# 7.4.3: Energy Equation in Rotating Coordinate System


The coordinate system rotating around fix axises creates a similar conservative potential as a linear system. There are two kinds of acceleration due to this rotation; one is the centrifugal and one the Coriolis force. To understand it better, consider a particle which moves with the our rotating system.

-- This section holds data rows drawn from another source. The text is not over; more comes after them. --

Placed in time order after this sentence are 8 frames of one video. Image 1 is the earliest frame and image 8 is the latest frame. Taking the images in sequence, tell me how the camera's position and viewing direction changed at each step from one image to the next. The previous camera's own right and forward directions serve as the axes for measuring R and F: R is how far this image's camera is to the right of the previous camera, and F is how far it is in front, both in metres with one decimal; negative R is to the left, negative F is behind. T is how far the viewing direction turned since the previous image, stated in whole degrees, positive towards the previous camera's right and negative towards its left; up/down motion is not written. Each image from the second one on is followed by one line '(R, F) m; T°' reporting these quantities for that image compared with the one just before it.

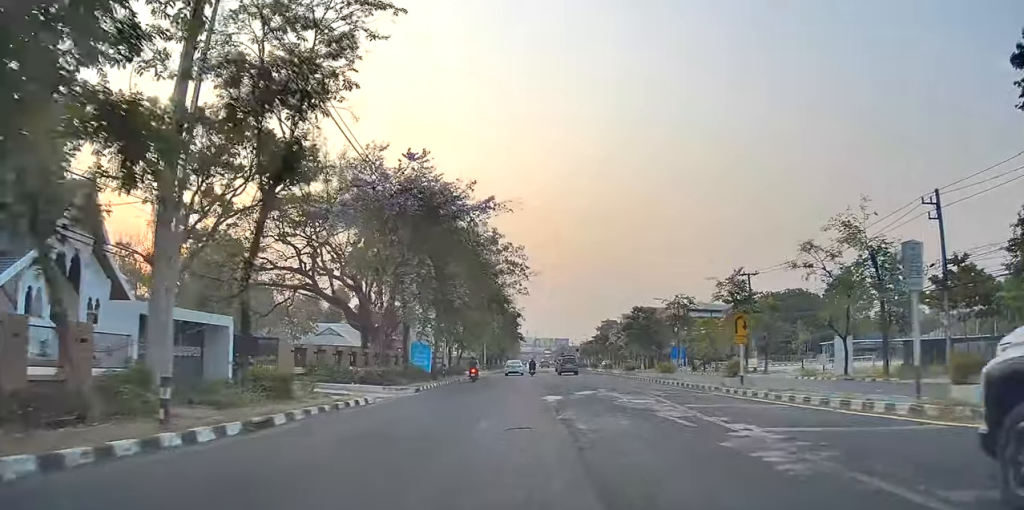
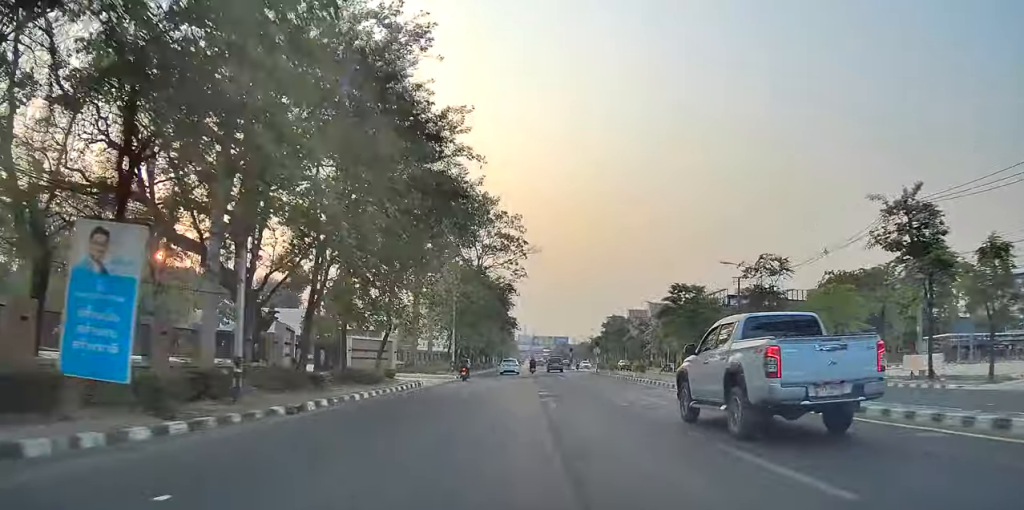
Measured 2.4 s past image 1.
(+0.3, +31.5) m; +1°
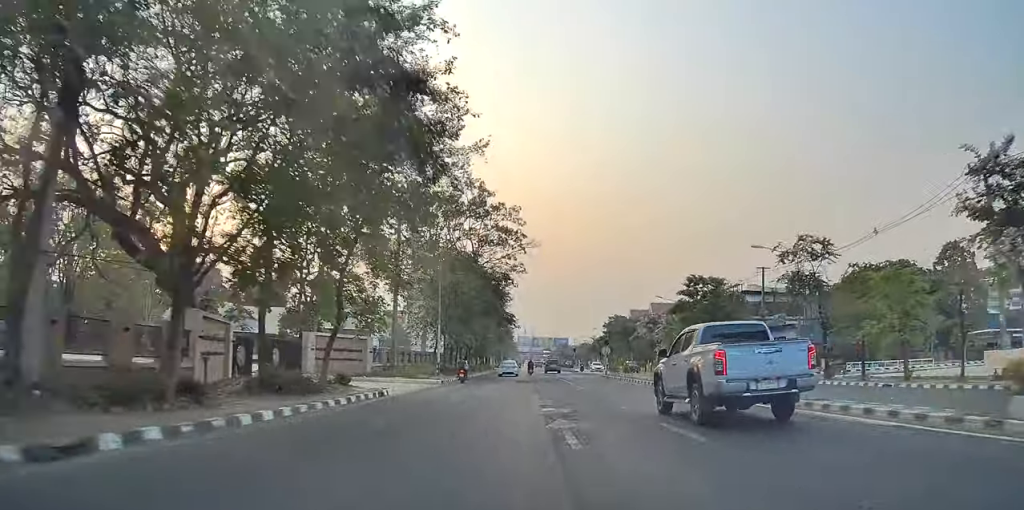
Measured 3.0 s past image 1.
(+0.1, +8.3) m; 0°
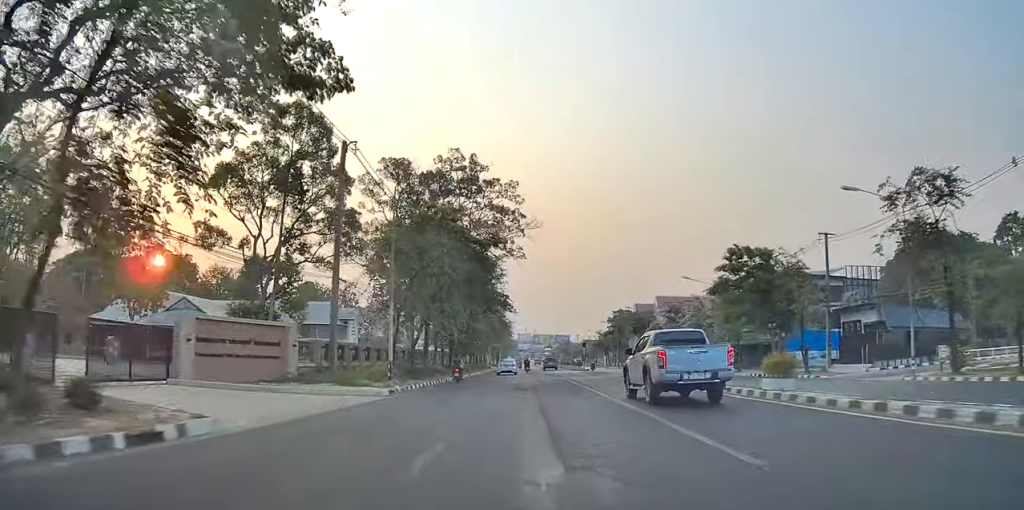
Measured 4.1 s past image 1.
(0.0, +15.0) m; -1°
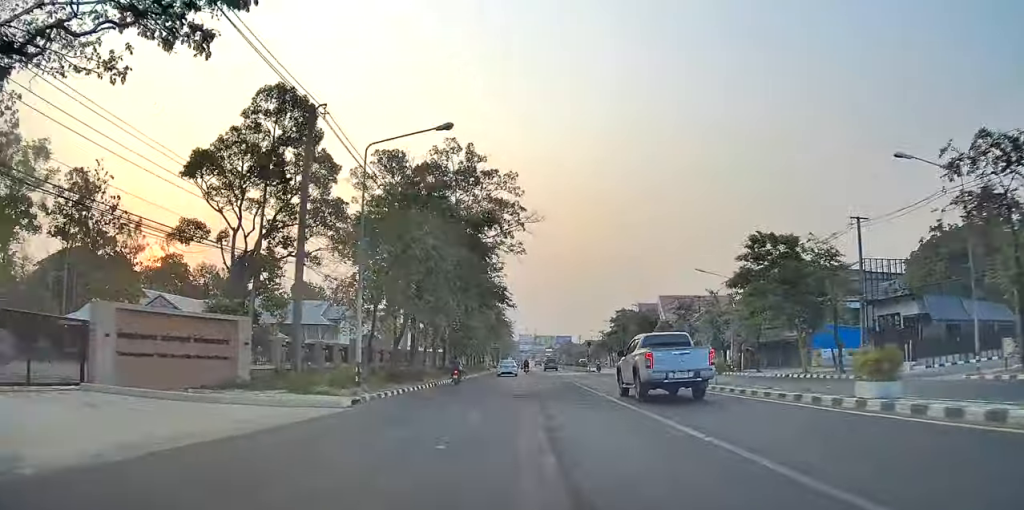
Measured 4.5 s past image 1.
(-0.1, +5.5) m; -1°
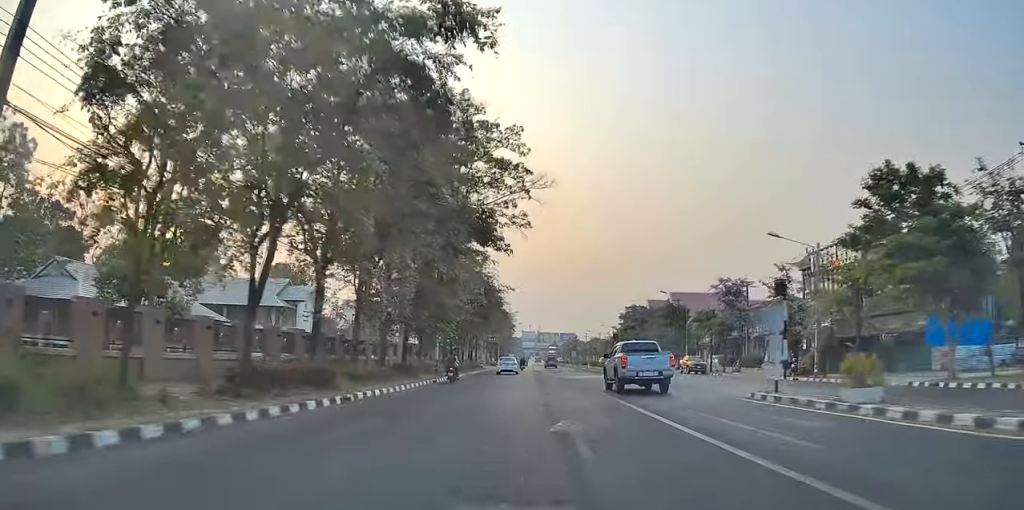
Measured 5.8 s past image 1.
(-0.4, +18.3) m; 0°
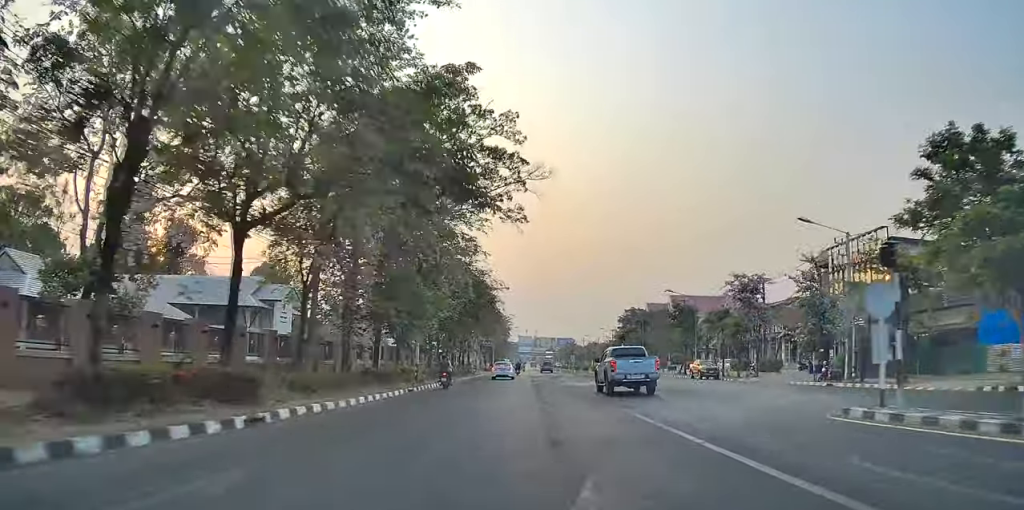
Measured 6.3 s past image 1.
(0.0, +6.3) m; 0°
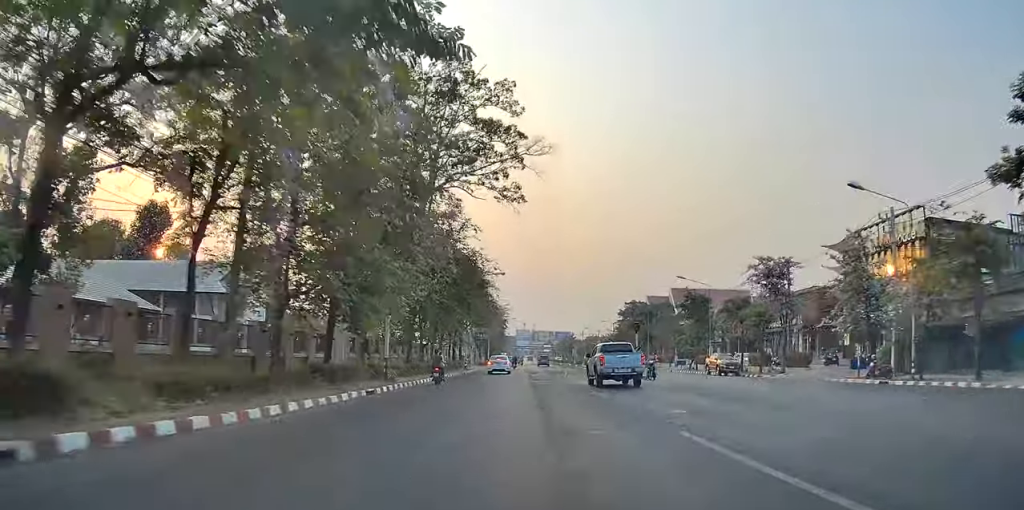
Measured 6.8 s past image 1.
(+0.3, +7.1) m; 0°

The forces acting on particles are

$\label{ene:eq:rotatingF} \pmb{F} = \left( \overbrace{\omega^2 \,r \,\hat{r}}^{\text{ centrifugal}} + \overbrace {2\,\pmb{U} \times \boldsymbol{\omega} } ^{\text{Coriolis}} \right) \,dm$

The work or the potential then is

$\label{ene:eq:rotatingP} PE = \left( {\omega^2 \,r \,\hat{r}} + {2\,\pmb{U} \times \boldsymbol{\omega} }\right) \cdot d\boldsymbol{ll} \,dm$ The cylindrical coordinate are

$\label{ene:eq:cylinderical} d\boldsymbol{ll} = dr \hat{r} + r\,d\theta\, \hat{\theta} + dz\, \hat{k}$ where $$\hat{r}$$, $$\hat{\theta}$$, and $$\hat{k}$$ are units vector in the coordinates $$r$$, $$\theta$$ and $$z$$ respectively. The potential is then

$\label{ene:eq:rotatingPd} PE = \left( {\omega^2 \,r \,\hat{r}} + {2\,\pmb{U} \times \boldsymbol{\omega} }\right) \cdot \left( dr \hat{r} + r\,d\theta\, \hat{\theta} + dz\, \hat{k} \right)\,dm$ The first term results in $$\omega^2 \,r^2$$ (see for explanation in the appendix ?? for vector explanation). The cross product is zero of

$\nonumber \pmb{U} \times \boldsymbol{\omega} \times \pmb{U} = \pmb{U} \times \boldsymbol{\omega} \times \boldsymbol{\omega} = 0$ because the first multiplication is perpendicular to the last multiplication. The second part is

$\label{ene:eq:rotatingPdSecond} \left( {2\,\pmb{U} \times \boldsymbol{\omega} }\right) \cdot d\boldsymbol{ll}\,dm$ This multiplication does not vanish with the exception of the direction of $$\pmb{U}$$. However, the most important direction is the direction of the velocity. This multiplication creates lines (surfaces ) of constant values. From a physical point of view, the flux of this property is important only in the direction of the velocity. Hence, this term canceled and does not contribute to the potential. The net change of the potential energy due to the centrifugal motion is

$\label{ene:eq:NetPotentialR} PE_{centrifugal} = - \int_{1}^{2} \omega^2 \,r^2 \, dr \, dm = \dfrac{\omega^2 \left( {r_1}^2 - {r_2} ^2 \right) }{2} \,dm$ Inserting the potential energy due to the centrifugal forces into the energy equation yields

Energy Equation in Accelerated Coordinate

$\nonumber \dot{Q} - \dot{W} = \dfrac{d}{dt} \int_{cv} \left[ E_u + \dfrac{U^2}{2\dfrac{}{}} + a_x\,x + a_y\, y + (a_z + g) z - \dfrac{\omega^2 \,r^2}{2} \right] \rho\,dV \\ \label{ene:eq:ene:AccCVgeneral} + \int_{cv} \left( h + \dfrac{U^2}{2\dfrac{}{}} + a_x\,x + a_y\, y + (a_z + g)\,z - z\, \dfrac{\omega^2 \,r^2}{2} \right) U_{rn}\, \rho\,dA\\ \nonumber + \int_{cv} P\,U_{bn} \,dA$